「年に一度は体の総点検を」と会社や自治体から届く健康診断の案内。病気の早期発見のため、自覚症状のない不調を見つけるため、しっかり受けるべきとされるが、「どのメニューを受けるべきか」「数値をどう評価すべきか」は医療の進歩にともない日々、変化している。そもそも、健診自体、受けるべきなのか。健康診断のいまを総点検する。【前後編の前編。

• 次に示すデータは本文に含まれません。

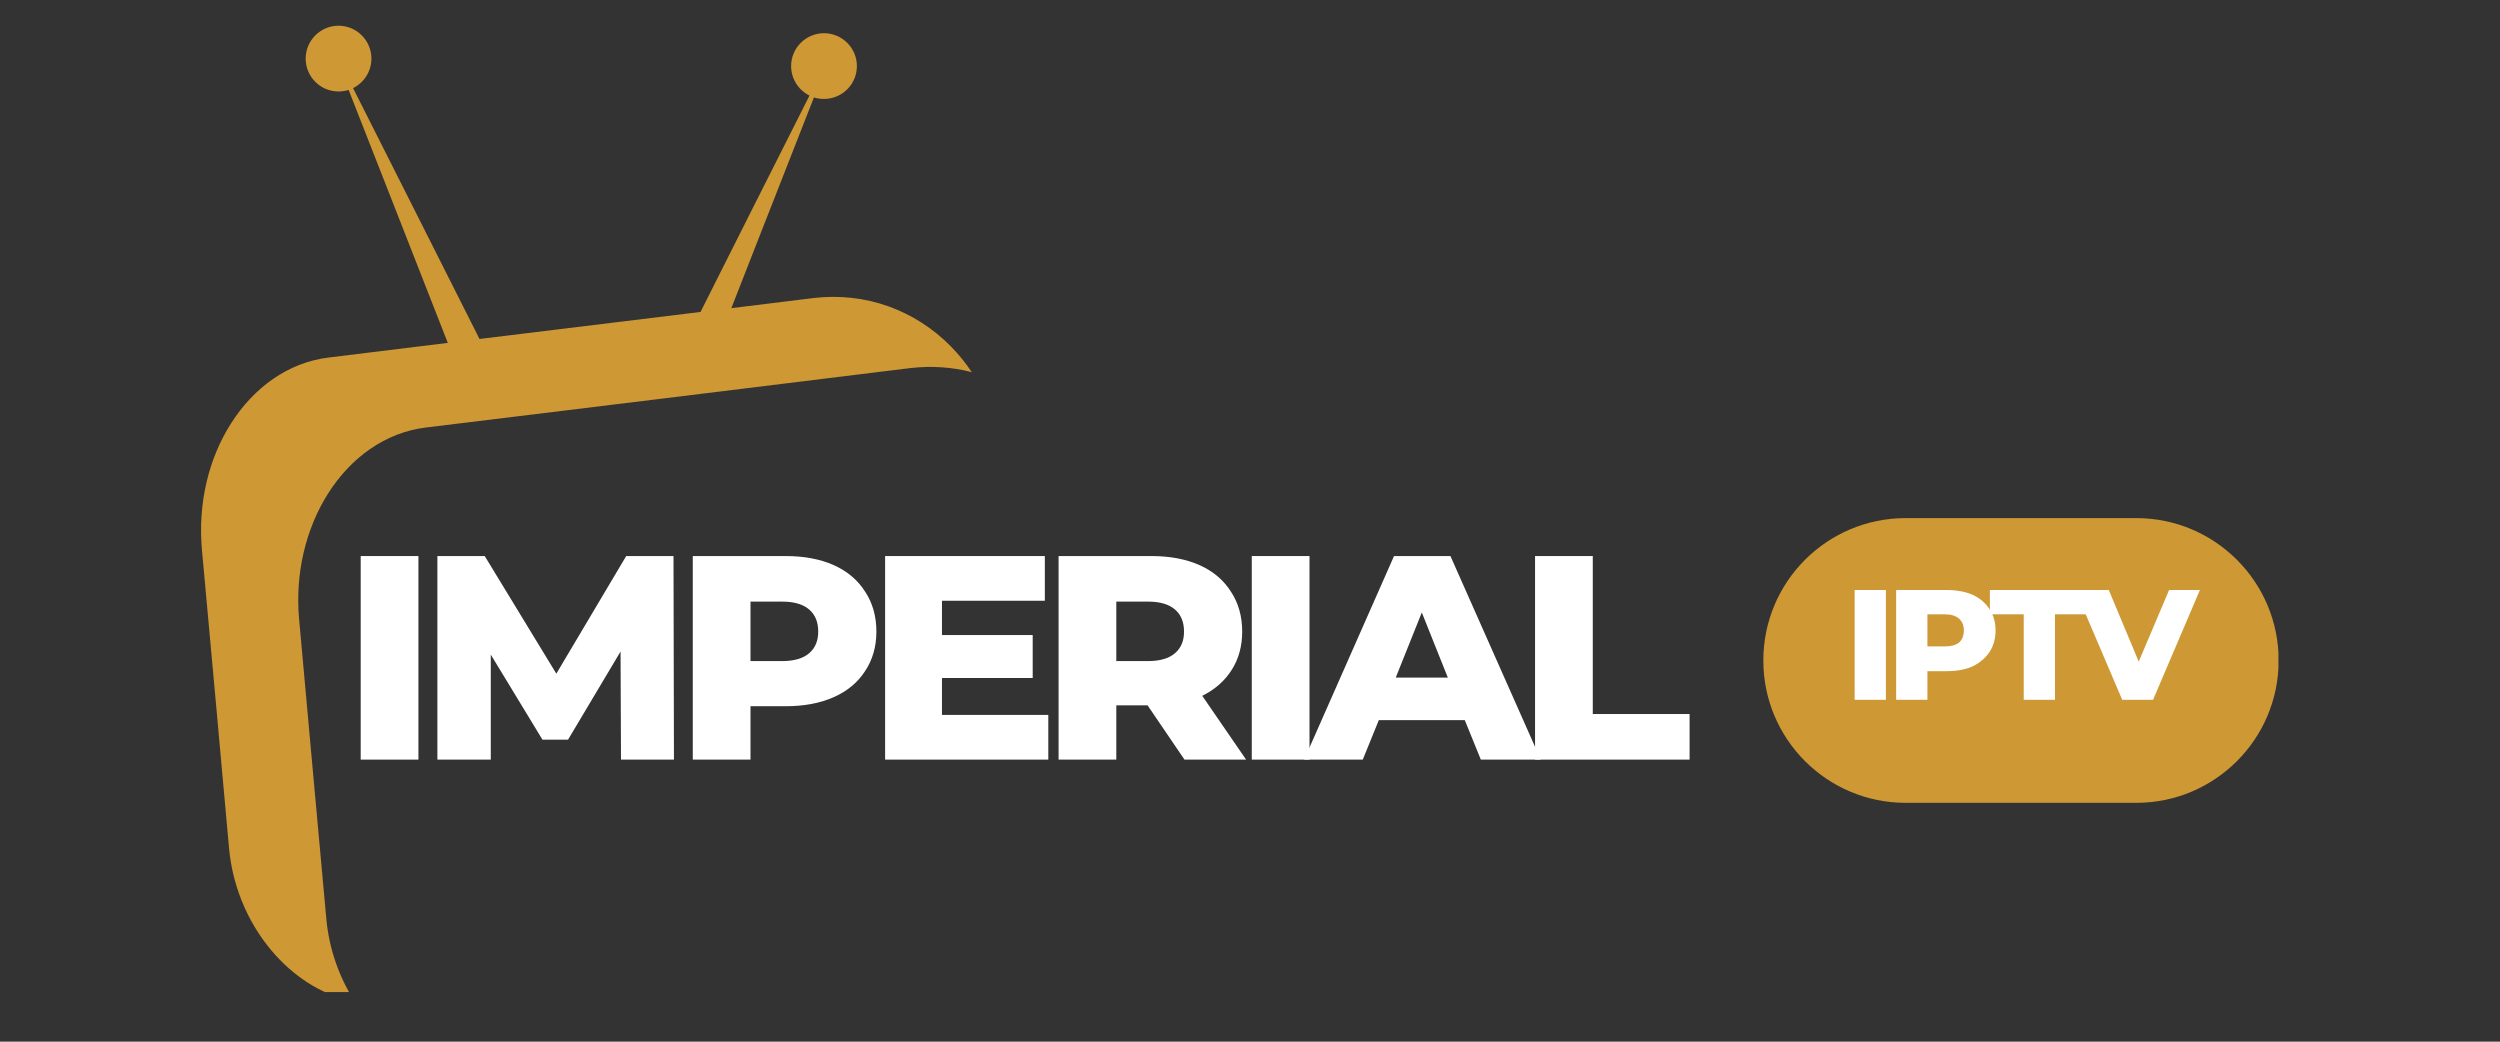 <svg xmlns="http://www.w3.org/2000/svg" xmlns:xlink="http://www.w3.org/1999/xlink" width="120" zoomAndPan="magnify" viewBox="0 0 90 37.5" height="50" preserveAspectRatio="xMidYMid meet"><rect x="0" y="0" width="90" height="37.5" fill="#333333" stroke="none"/><defs><g></g><clipPath id="cd1a0fef91"><path d="M 7.238 0.926 L 34.984 0.926 L 34.984 35.715 L 7.238 35.715 Z M 7.238 0.926 " clip-rule="nonzero"></path></clipPath><clipPath id="85a8ff4ada"><path d="M 0.199 3 L 4 3 L 4 11 L 0.199 11 Z M 0.199 3 " clip-rule="nonzero"></path></clipPath><clipPath id="ff630adb8d"><path d="M 43 3 L 48.988 3 L 48.988 11 L 43 11 Z M 43 3 " clip-rule="nonzero"></path></clipPath><clipPath id="4b154008d8"><rect x="0" width="49" y="0" height="14"></rect></clipPath><clipPath id="5eceee083a"><path d="M 63.48 18.652 L 82.062 18.652 L 82.062 28.902 L 63.48 28.902 Z M 63.48 18.652 " clip-rule="nonzero"></path></clipPath><clipPath id="c8bdd6a40f"><path d="M 68.605 18.652 L 76.906 18.652 C 79.734 18.652 82.031 20.945 82.031 23.777 C 82.031 26.609 79.734 28.902 76.906 28.902 L 68.605 28.902 C 65.773 28.902 63.48 26.609 63.48 23.777 C 63.48 20.945 65.773 18.652 68.605 18.652 Z M 68.605 18.652 " clip-rule="nonzero"></path></clipPath><clipPath id="1d432c17c1"><path d="M 0.48 0.652 L 19.062 0.652 L 19.062 10.902 L 0.48 10.902 Z M 0.48 0.652 " clip-rule="nonzero"></path></clipPath><clipPath id="372bfbaeca"><path d="M 5.605 0.652 L 13.906 0.652 C 16.734 0.652 19.031 2.945 19.031 5.777 C 19.031 8.609 16.734 10.902 13.906 10.902 L 5.605 10.902 C 2.773 10.902 0.48 8.609 0.48 5.777 C 0.48 2.945 2.773 0.652 5.605 0.652 Z M 5.605 0.652 " clip-rule="nonzero"></path></clipPath><clipPath id="f56916b310"><rect x="0" width="20" y="0" height="11"></rect></clipPath><clipPath id="746695d707"><path d="M 0.199 2 L 2 2 L 2 7 L 0.199 7 Z M 0.199 2 " clip-rule="nonzero"></path></clipPath><clipPath id="93887f7931"><rect x="0" width="15" y="0" height="9"></rect></clipPath></defs><g clip-path="url(#cd1a0fef91)"><path fill="#ce9834" d="M 12.711 3.172 L 14.891 7.496 L 17.262 12.203 L 19.977 11.871 L 25.219 11.23 L 26.961 7.766 L 29.141 3.441 C 28.75 3.246 28.48 2.844 28.48 2.379 C 28.48 1.727 29.012 1.195 29.664 1.195 C 30.316 1.195 30.848 1.727 30.848 2.379 C 30.848 3.035 30.316 3.562 29.664 3.562 C 29.539 3.562 29.414 3.543 29.301 3.508 L 27.582 7.891 L 26.328 11.094 L 29.25 10.734 C 31.18 10.496 32.957 11.18 34.23 12.469 C 34.508 12.754 34.762 13.062 34.984 13.398 C 34.281 13.215 33.527 13.16 32.746 13.254 C 29.516 13.652 26.426 14.031 23.473 14.395 C 20.645 14.738 17.934 15.074 15.328 15.391 C 13.871 15.57 12.633 16.473 11.816 17.758 C 11.02 19.012 10.613 20.625 10.77 22.316 C 10.938 24.191 11.105 26.031 11.27 27.832 C 11.43 29.609 11.59 31.348 11.746 33.059 C 11.844 34.168 12.219 35.203 12.777 36.07 C 11.695 35.855 10.703 35.25 9.93 34.398 C 9.016 33.395 8.383 32.035 8.246 30.539 C 8.094 28.828 7.934 27.086 7.773 25.312 C 7.609 23.512 7.441 21.668 7.27 19.797 C 7.117 18.105 7.52 16.488 8.32 15.238 C 9.137 13.953 10.375 13.047 11.832 12.871 L 16.121 12.344 L 14.27 7.621 L 12.551 3.238 C 12.434 3.273 12.312 3.293 12.188 3.293 C 11.535 3.293 11.004 2.766 11.004 2.109 C 11.004 1.457 11.535 0.926 12.188 0.926 C 12.84 0.926 13.371 1.457 13.371 2.109 C 13.371 2.574 13.102 2.977 12.711 3.172 " fill-opacity="1" fill-rule="evenodd"></path></g><g transform="matrix(1, 0, 0, 1, 12, 17)"><g clip-path="url(#4b154008d8)"><g clip-path="url(#85a8ff4ada)"><g fill="#ffffff" fill-opacity="1"><g transform="translate(0.251, 10.346)"><g><path d="M 0.734 -7.328 L 2.812 -7.328 L 2.812 0 L 0.734 0 Z M 0.734 -7.328 "></path></g></g></g></g><g fill="#ffffff" fill-opacity="1"><g transform="translate(3.012, 10.346)"><g><path d="M 7.344 0 L 7.328 -3.891 L 5.438 -0.719 L 4.516 -0.719 L 2.656 -3.781 L 2.656 0 L 0.734 0 L 0.734 -7.328 L 2.438 -7.328 L 5.016 -3.094 L 7.531 -7.328 L 9.234 -7.328 L 9.25 0 Z M 7.344 0 "></path></g></g></g><g fill="#ffffff" fill-opacity="1"><g transform="translate(12.206, 10.346)"><g><path d="M 4.078 -7.328 C 4.742 -7.328 5.32 -7.219 5.812 -7 C 6.301 -6.781 6.676 -6.461 6.938 -6.047 C 7.207 -5.641 7.344 -5.16 7.344 -4.609 C 7.344 -4.066 7.207 -3.594 6.938 -3.188 C 6.676 -2.781 6.301 -2.469 5.812 -2.25 C 5.32 -2.031 4.742 -1.922 4.078 -1.922 L 2.812 -1.922 L 2.812 0 L 0.734 0 L 0.734 -7.328 Z M 3.953 -3.547 C 4.379 -3.547 4.703 -3.641 4.922 -3.828 C 5.141 -4.016 5.25 -4.273 5.25 -4.609 C 5.25 -4.953 5.141 -5.219 4.922 -5.406 C 4.703 -5.594 4.379 -5.688 3.953 -5.688 L 2.812 -5.688 L 2.812 -3.547 Z M 3.953 -3.547 "></path></g></g></g><g fill="#ffffff" fill-opacity="1"><g transform="translate(19.13, 10.346)"><g><path d="M 6.609 -1.609 L 6.609 0 L 0.734 0 L 0.734 -7.328 L 6.484 -7.328 L 6.484 -5.719 L 2.781 -5.719 L 2.781 -4.484 L 6.047 -4.484 L 6.047 -2.938 L 2.781 -2.938 L 2.781 -1.609 Z M 6.609 -1.609 "></path></g></g></g><g fill="#ffffff" fill-opacity="1"><g transform="translate(25.375, 10.346)"><g><path d="M 3.938 -1.953 L 2.812 -1.953 L 2.812 0 L 0.734 0 L 0.734 -7.328 L 4.078 -7.328 C 4.742 -7.328 5.32 -7.219 5.812 -7 C 6.301 -6.781 6.676 -6.461 6.938 -6.047 C 7.207 -5.641 7.344 -5.16 7.344 -4.609 C 7.344 -4.086 7.219 -3.629 6.969 -3.234 C 6.719 -2.836 6.363 -2.523 5.906 -2.297 L 7.484 0 L 5.266 0 Z M 5.25 -4.609 C 5.25 -4.953 5.141 -5.219 4.922 -5.406 C 4.703 -5.594 4.379 -5.688 3.953 -5.688 L 2.812 -5.688 L 2.812 -3.547 L 3.953 -3.547 C 4.379 -3.547 4.703 -3.641 4.922 -3.828 C 5.141 -4.016 5.25 -4.273 5.25 -4.609 Z M 5.25 -4.609 "></path></g></g></g><g fill="#ffffff" fill-opacity="1"><g transform="translate(32.33, 10.346)"><g><path d="M 0.734 -7.328 L 2.812 -7.328 L 2.812 0 L 0.734 0 Z M 0.734 -7.328 "></path></g></g></g><g fill="#ffffff" fill-opacity="1"><g transform="translate(35.091, 10.346)"><g><path d="M 5.641 -1.422 L 2.547 -1.422 L 1.969 0 L -0.141 0 L 3.094 -7.328 L 5.125 -7.328 L 8.375 0 L 6.219 0 Z M 5.031 -2.953 L 4.094 -5.297 L 3.156 -2.953 Z M 5.031 -2.953 "></path></g></g></g><g clip-path="url(#ff630adb8d)"><g fill="#ffffff" fill-opacity="1"><g transform="translate(42.528, 10.346)"><g><path d="M 0.734 -7.328 L 2.812 -7.328 L 2.812 -1.641 L 6.297 -1.641 L 6.297 0 L 0.734 0 Z M 0.734 -7.328 "></path></g></g></g></g></g></g><g clip-path="url(#5eceee083a)"><g clip-path="url(#c8bdd6a40f)"><g transform="matrix(1, 0, 0, 1, 63, 18)"><g clip-path="url(#f56916b310)"><g clip-path="url(#1d432c17c1)"><g clip-path="url(#372bfbaeca)"><path fill="#ce9834" d="M 0.48 0.652 L 19.023 0.652 L 19.023 10.902 L 0.48 10.902 Z M 0.48 0.652 " fill-opacity="1" fill-rule="nonzero"></path></g></g></g></g></g></g><g transform="matrix(1, 0, 0, 1, 66, 19)"><g clip-path="url(#93887f7931)"><g clip-path="url(#746695d707)"><g fill="#ffffff" fill-opacity="1"><g transform="translate(0.376, 6.193)"><g><path d="M 0.391 -3.953 L 1.516 -3.953 L 1.516 0 L 0.391 0 Z M 0.391 -3.953 "></path></g></g></g></g><g fill="#ffffff" fill-opacity="1"><g transform="translate(1.871, 6.193)"><g><path d="M 2.203 -3.953 C 2.566 -3.953 2.879 -3.895 3.141 -3.781 C 3.398 -3.664 3.602 -3.492 3.75 -3.266 C 3.895 -3.047 3.969 -2.789 3.969 -2.5 C 3.969 -2.195 3.895 -1.938 3.75 -1.719 C 3.602 -1.5 3.398 -1.328 3.141 -1.203 C 2.879 -1.086 2.566 -1.031 2.203 -1.031 L 1.516 -1.031 L 1.516 0 L 0.391 0 L 0.391 -3.953 Z M 2.141 -1.922 C 2.367 -1.922 2.539 -1.969 2.656 -2.062 C 2.77 -2.164 2.828 -2.312 2.828 -2.5 C 2.828 -2.676 2.77 -2.816 2.656 -2.922 C 2.539 -3.023 2.367 -3.078 2.141 -3.078 L 1.516 -3.078 L 1.516 -1.922 Z M 2.141 -1.922 "></path></g></g></g><g fill="#ffffff" fill-opacity="1"><g transform="translate(5.62, 6.193)"><g><path d="M 1.234 -3.078 L 0.016 -3.078 L 0.016 -3.953 L 3.562 -3.953 L 3.562 -3.078 L 2.359 -3.078 L 2.359 0 L 1.234 0 Z M 1.234 -3.078 "></path></g></g></g><g fill="#ffffff" fill-opacity="1"><g transform="translate(8.791, 6.193)"><g><path d="M 4.406 -3.953 L 2.719 0 L 1.609 0 L -0.078 -3.953 L 1.125 -3.953 L 2.203 -1.375 L 3.297 -3.953 Z M 4.406 -3.953 "></path></g></g></g></g></g></svg>

後編を読む】
”将来の大病のリスクを事前に把握すること”が健康長寿への道なのか
《健康診断で心電図異常が指摘されると、軽度でも心不全や脳卒中、心筋梗塞を発症するリスクが上がる》
7月1日付で国際医学誌に掲載されたのは、京都大学と米ハーバード大学などの研究チームが、全国健康保険協会(協会けんぽ)の約370万人分の健康診断や診療報酬明細書(レセプト)のデータを分析し、明らかにした研究報告だ。一般健診でこれほど大規模な研究は極めてめずらしく、注目が集まった。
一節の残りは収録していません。